Several trends define the current state of robot navigation research and deployment.
Neural SLAM and learned representations. Neural network-based SLAM systems are replacing hand-crafted features with learned descriptors and end-to-end differentiable pipelines. Systems using the Mamba state-space architecture for efficient visual feature processing, combined with transformer-based attention, represent one frontier.
Event cameras for SLAM. Event-based cameras, which output asynchronous per-pixel brightness changes rather than full frames, offer high dynamic range, microsecond-level temporal resolution, and low power consumption. These properties make them attractive for high-speed navigation and environments with extreme lighting variation.
Multi-sensor fusion as default. Modern production systems almost universally combine LiDAR, cameras, and IMUs in tightly coupled fusion frameworks.

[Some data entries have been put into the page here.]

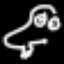
Label: frog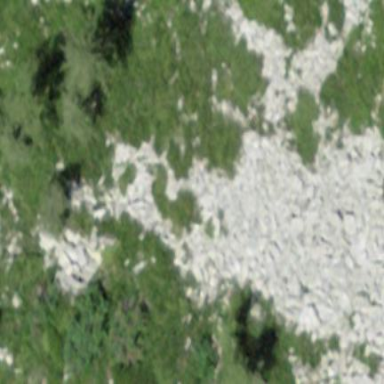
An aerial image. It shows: Natural scree.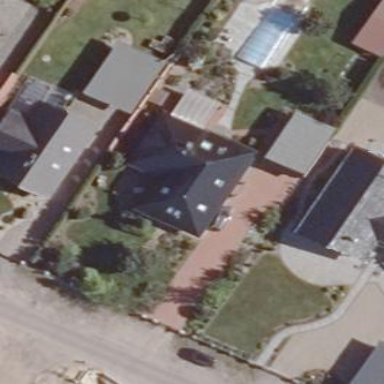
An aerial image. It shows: Building with hipped roof.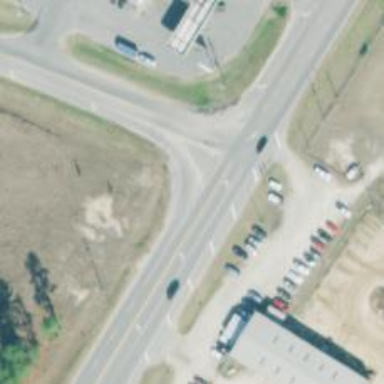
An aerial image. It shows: Asphalt road with primary link designation.

The single-sensor SLAM system is increasingly a research prototype rather than a deployed product.
LLM-powered planning. Large language models are being used as high-level task planners and commonsense reasoning engines for navigation. They decompose goals like "bring me a glass of water" into navigation sub-goals and manipulation actions, though reliability in open-ended real-world scenarios remains limited.
Sim-to-real transfer. Photorealistic simulators (Habitat, Isaac Sim, AI2-THOR) allow training navigation policies in simulation and transferring them to real robots. Domain randomization and domain adaptation techniques help bridge the gap between simulated and real sensor data.
Continuous and lifelong mapping. Robots deployed for months or years in the same environment need maps that update incrementally as the environment changes, handling new furniture, seasonal changes, or construction. Lifelong SLAM and experience-based navigation address this requirement.